Letter to the Editor: “Current status and quality of radiomics studies in lymphoma: a systematic review”
by Martina Sollini, Margarita Kirienko, Arturo Chiti (martina.sollini@cancercenter.humanitas.it; martinasollini@msn.com )
Current status and quality of radiomics studies in lymphoma: a systematic reviewDear Editor,
We read with great interest the article by Wang et al “Current Status and Quality of Radiomics Studies in Lymphoma: A Systematic Review” [1]. The paper aims at providing an overview of the state-of-the-art and quality of radiomic studies in lymphoma. The Authors selected 45 papers on the field, 30 focused on diagnosis and classification; 16 on treatment response and outcome prediction (one study exploring both diagnostic and prognostic role of radiomics in non-Hodgkin’s lymphoma, was calculated twice). Studies were assessed according to different scores from the “classical” QUADAS-2 [2], to the “technical” radiomics quality score (RQS) [3], and the “clinical” phase analysis [4].

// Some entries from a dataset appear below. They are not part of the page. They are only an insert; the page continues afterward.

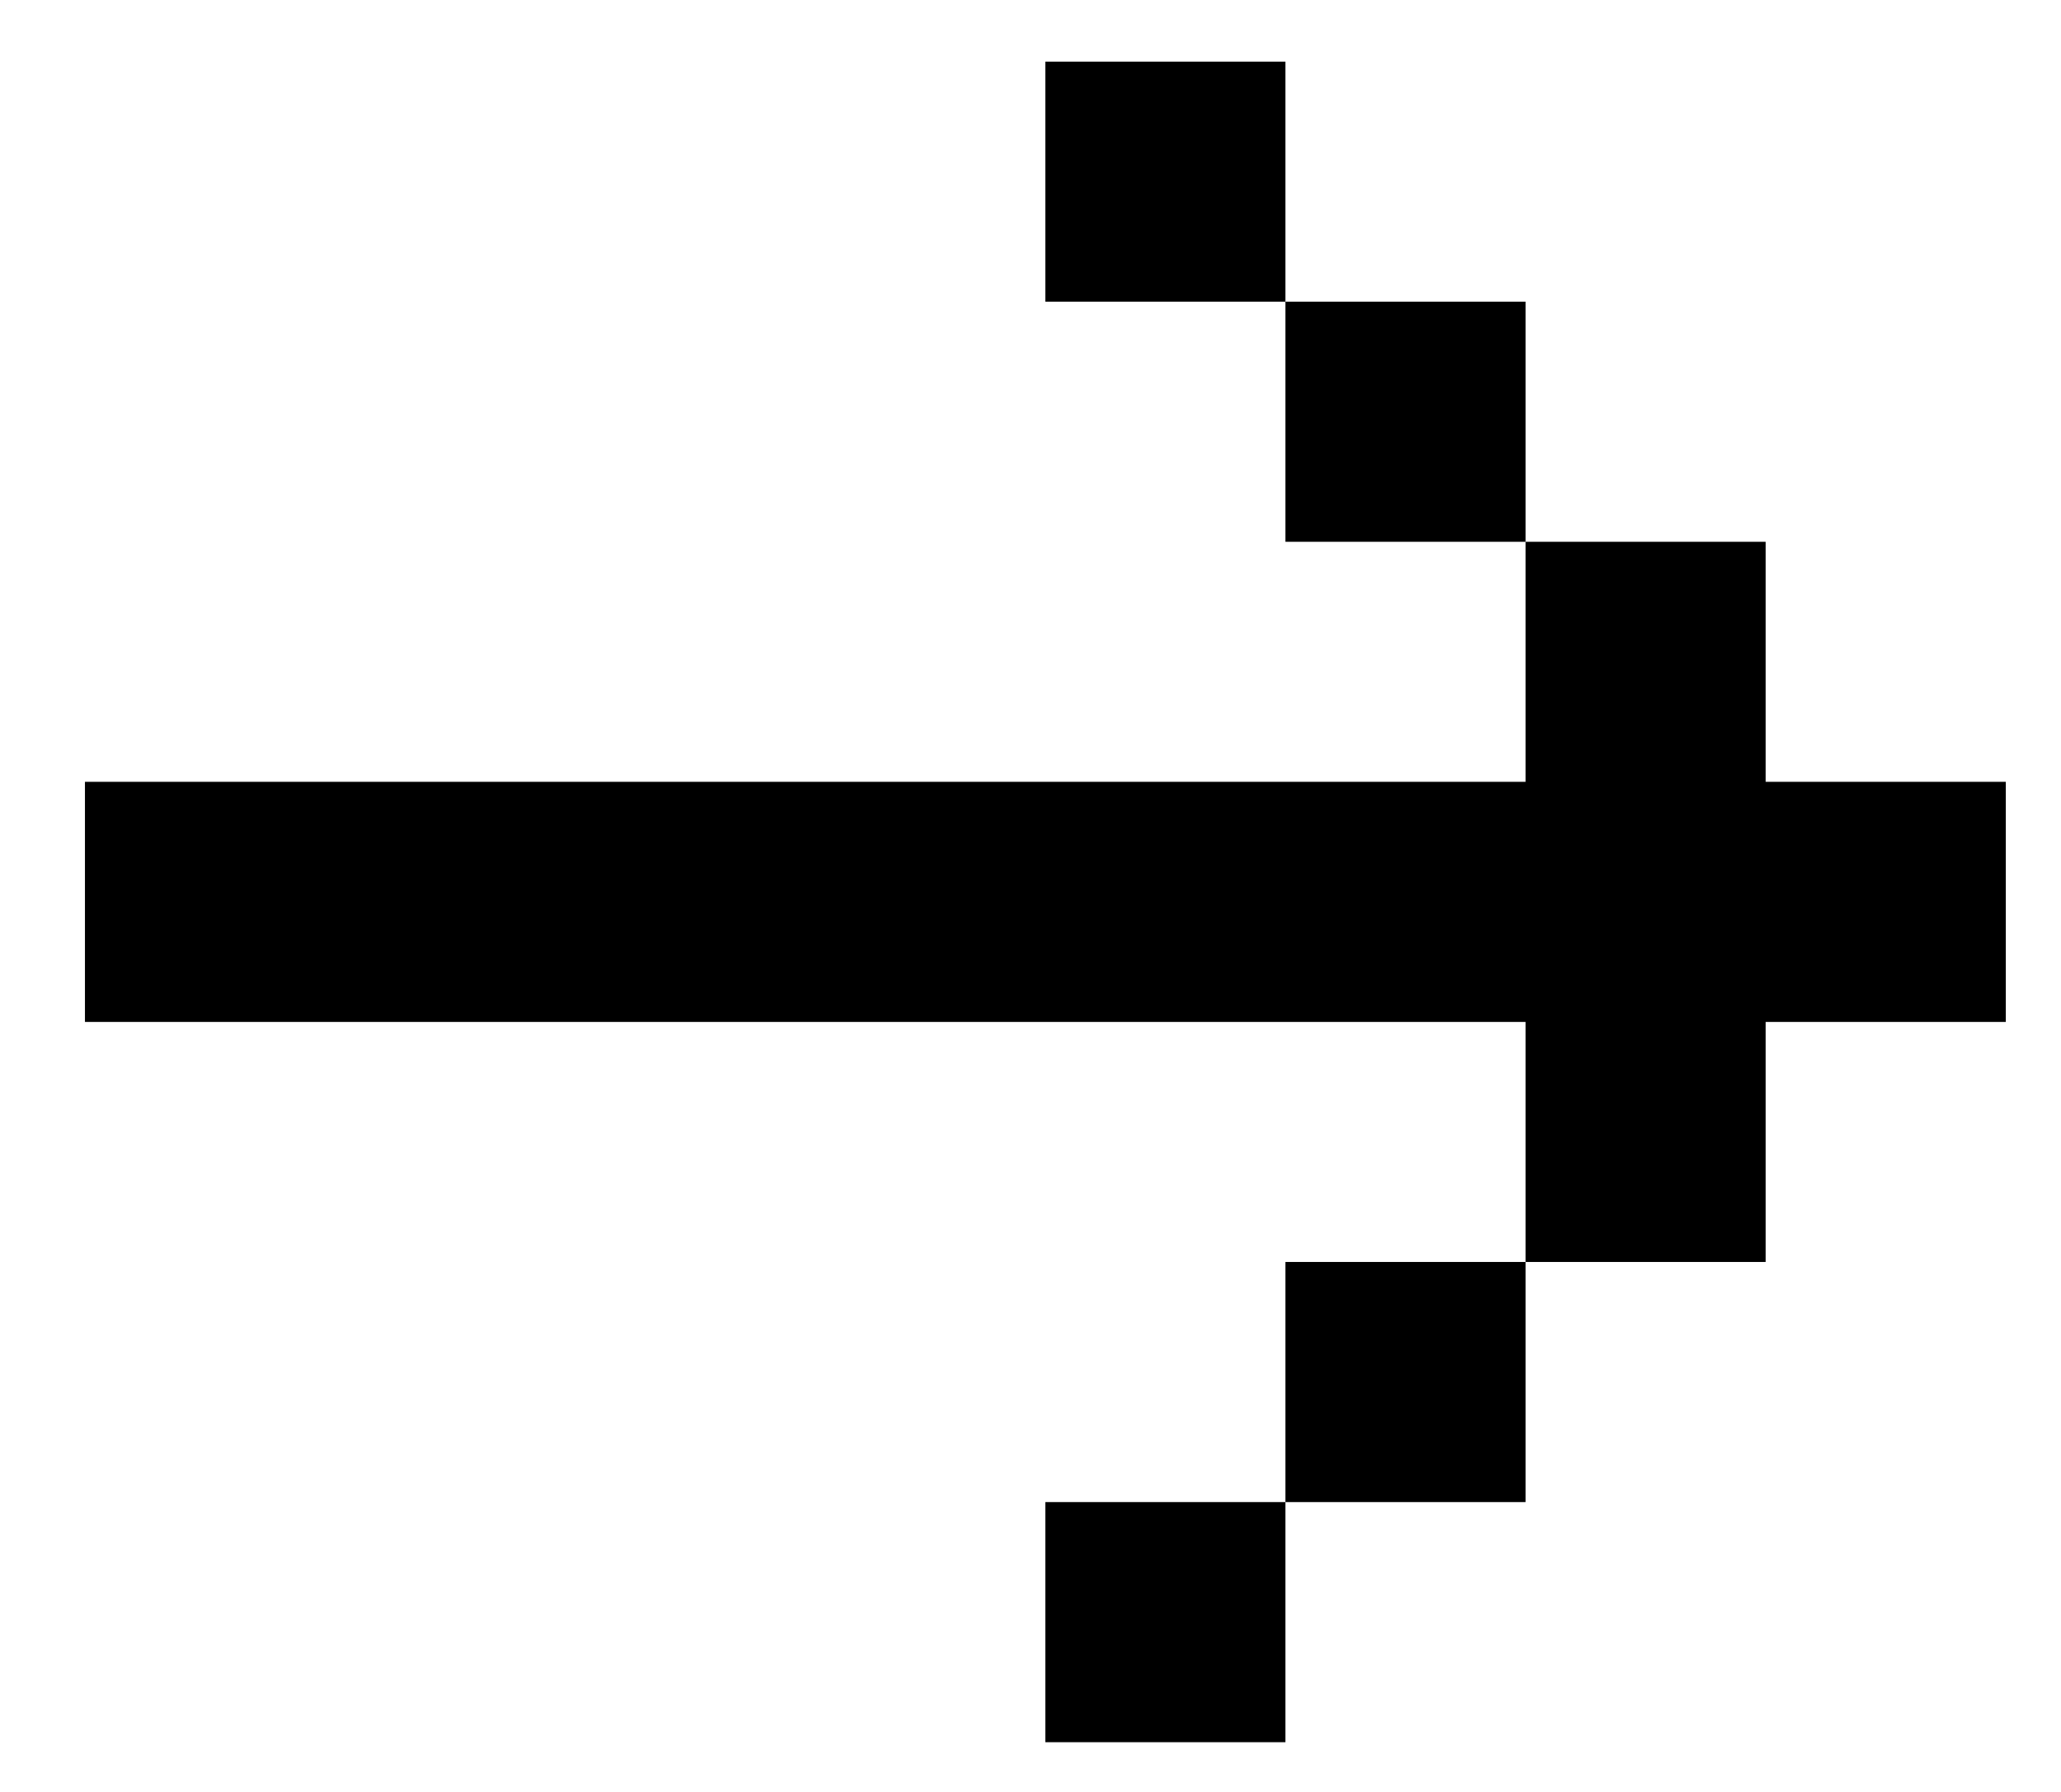 <svg width="23" height="20" viewBox="0 0 23 20" fill="none" xmlns="http://www.w3.org/2000/svg">
    <path d="M0.948 8.726V11.406H17.025V14.085H19.704V11.406H22.384V8.726H19.704V6.047H17.025V8.726H0.948ZM14.345 3.367H17.025V6.047H14.345V3.367ZM14.345 3.367H11.666V0.688H14.345V3.367ZM14.345 16.765H17.025V14.085H14.345V16.765ZM14.345 16.765H11.666V19.445H14.345V16.765Z" fill="black"/>
</svg>
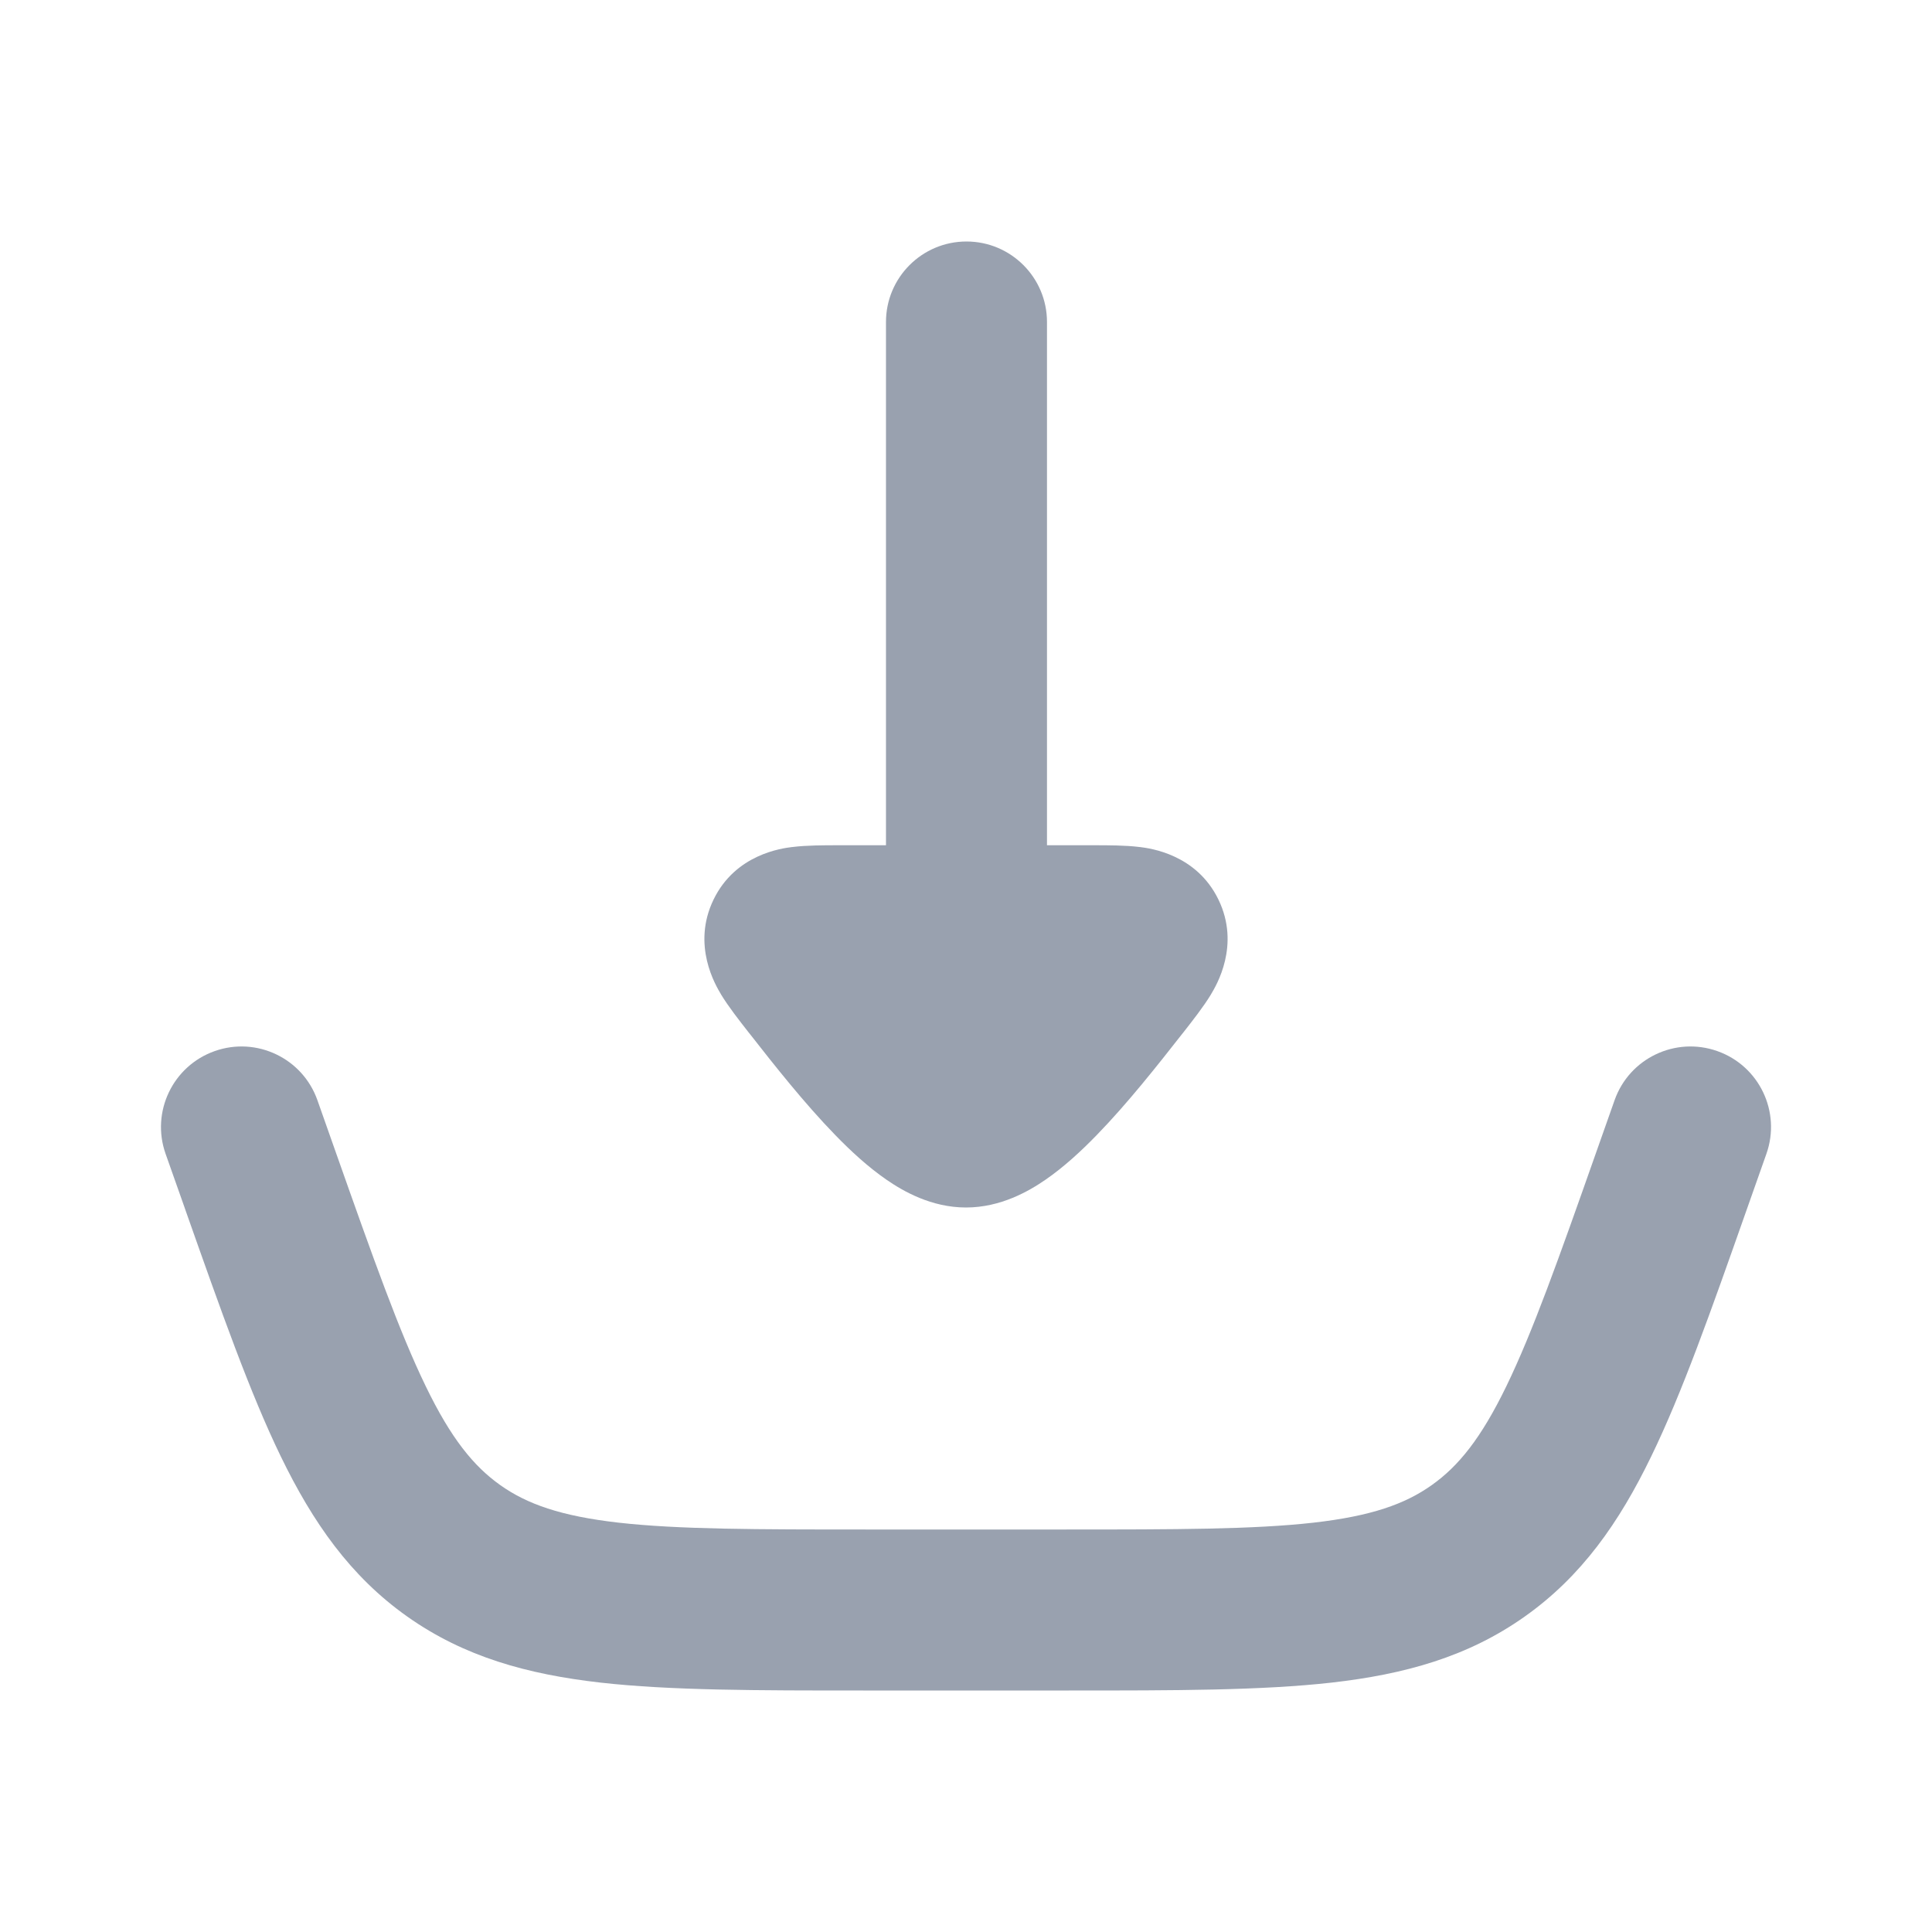 <svg width="24" height="24" viewBox="0 0 24 24" fill="none" xmlns="http://www.w3.org/2000/svg">
<path fill-rule="evenodd" clip-rule="evenodd" d="M21.333 13.057C21.854 13.241 22.127 13.812 21.943 14.333L21.69 15.05C21.252 16.293 20.895 17.305 20.512 18.092C20.114 18.914 19.647 19.582 18.94 20.082C18.234 20.582 17.449 20.799 16.541 20.902C15.671 21 14.599 21 13.281 21H10.72C9.402 21 8.329 21 7.46 20.902C6.552 20.799 5.767 20.582 5.06 20.082C4.353 19.582 3.887 18.914 3.488 18.092C3.106 17.305 2.749 16.293 2.31 15.05C2.304 15.032 2.298 15.014 2.291 14.995L2.057 14.333C1.873 13.812 2.147 13.241 2.667 13.057C3.188 12.873 3.759 13.146 3.943 13.667L4.177 14.33C4.64 15.641 4.961 16.545 5.288 17.219C5.603 17.87 5.884 18.214 6.215 18.449C6.547 18.684 6.965 18.833 7.684 18.915C8.428 18.999 9.388 19 10.778 19H13.223C14.613 19 15.572 18.999 16.317 18.915C17.036 18.833 17.454 18.684 17.785 18.449C18.117 18.214 18.397 17.87 18.713 17.219C19.04 16.545 19.361 15.641 19.823 14.33L20.057 13.667C20.241 13.146 20.812 12.873 21.333 13.057Z" fill="#99A1AF"/>
<path fill-rule="evenodd" clip-rule="evenodd" d="M13.006 4C13.006 3.448 12.558 3 12.006 3C11.454 3 11.006 3.448 11.006 4V10.5H10.412C10.236 10.5 10.02 10.5 9.844 10.522L9.841 10.522C9.714 10.538 9.138 10.61 8.864 11.175C8.589 11.742 8.891 12.242 8.956 12.351L8.958 12.355C9.051 12.508 9.185 12.678 9.295 12.819L9.319 12.849C9.613 13.225 9.995 13.709 10.376 14.1C10.566 14.296 10.783 14.497 11.014 14.656C11.219 14.797 11.569 15 12 15C12.431 15 12.781 14.797 12.986 14.656C13.217 14.497 13.434 14.296 13.624 14.1C14.005 13.709 14.386 13.225 14.681 12.849L14.705 12.819C14.815 12.678 14.949 12.508 15.042 12.355L15.044 12.351C15.109 12.242 15.411 11.742 15.136 11.175C14.862 10.61 14.286 10.538 14.159 10.522L14.156 10.522C13.98 10.5 13.764 10.5 13.588 10.5H13.006V4Z" fill="#99A1AF"/>
</svg>

Radiomics has certainly proved to be one of the main domain of interest in image analysis, as shown by the number of publications in the field. A search in PubMed/Medline with the terms ((“texture analysis”) OR (“textural analysis”) OR (“textural features”) OR (“radiomic”) OR (“radiomics”)) resulted in more than 5340 papers (more than 3180 in the period 2018-2020). The same search in Embase resulted in 8044 records (approximately 4090 in the period 2018-2020). In the era of personalized medicine, potentially more accurate methods for the biological characterization of a certain disease, beyond “classical” risk factors and stage, are doubtless attractive. Moreover, radiomics relying on quantification is theoretically objective, reproducible, comparable, and potentially more informative than human eyes. Therefore, interest in radiomics is not surprising. Nonetheless, growing evidence pointed out the remarkable immaturity of the discipline, in terms of scarce quality of the studies which are burdened by clinical, technical, or methodological biases. Surprisingly, radiomic studies in lymphoma are even poorer than in solid tumours.
Wang et al. [1] classified at high/unclear risk of bias an increasing percentage of papers ranging from 33% up to 80%, based on the considered domain (from index test, to reference standard, to patient selection, and to flow and timing). The mean RQS was 14%, lower than 10% in more than half of the studies. None of the studies was classified as I, III, or IV. The majority of the studies were classified as discovery science or phase 0 (71% and 27%, respectively); only one study was classified as phase II (IIb according the updated version of classification [5]). The main concerns on radiomic studies in lymphoma were related to lack of validation, small sample size or retrospective design, as well as lack of a rigorous procedure. It would have been interesting also to evaluate the interdisciplinarity of the analyzed studies, since in solid tumour the composition of the research team has been suggested as one of the essential requirements to ensure advancement of radiomics toward clinical practice [5].
As discussed by Wang et al., the main challenges in lymphoma radiomic analysis include target lesion selection and segmentation. Tumour volume significantly influences textural features, but many papers on lymphoma did not report the size of the lesion, nor the criterion for the target lesion selection. Moreover, as well-known, changing the segmentation method, the region/volume of interest differs and ultimately affects textural features. However, the peri-tumour area seems to contain meaningful information, potentially contributing to distinguish brain tumour histology [6]. Nonetheless, in other anatomical districts, the inclusion of non-tumour area certainly includes noise, being many different tissues typically involved by lymphomatous lesions, potentially different in terms of contrast and signal-to-noise ratio of images. In addition to these items, we recently found that a random target lesion selection should not be adopted for radiomics applications in lymphoma unless the informative content of the lesion is demonstrated to be the same in terms of heterogeneity.
In our cohort, intra-patients lesions’ similarity differed between nodal and extra-nodal lesions and between long-term responders and refractory/relapsing HL [7]. Moreover, we proposed a novel feature selection approach based on volume-criteria. Accordingly, features were previously selected if they were highly correlated or uncorrelated to the volume. The rationale for volume-related criteria is to identify all potentially relevant information and discard collinear variables, without ignoring volume component that may be relevant to predict disease aggressiveness.
Collectively, the methods for target lesions selection and segmentation are crucial issues in radiomic methodology, regardless of radiomic analysis focused on solid tumour or haematological malignancy. However, lymphoma is a systemic disease typically characterized by the coexistence of multiple lesions with variable size, which might involve different tissues/organs. Accordingly, as confirmed by Wang et al., weak methodologies have a considerable impact on radiomic studies, and especially in lymphoma, this uncertainty results in unreliable findings. Radiomic trial should be rigorous to achieve robust and reproducible results and be implemented in clinical practice.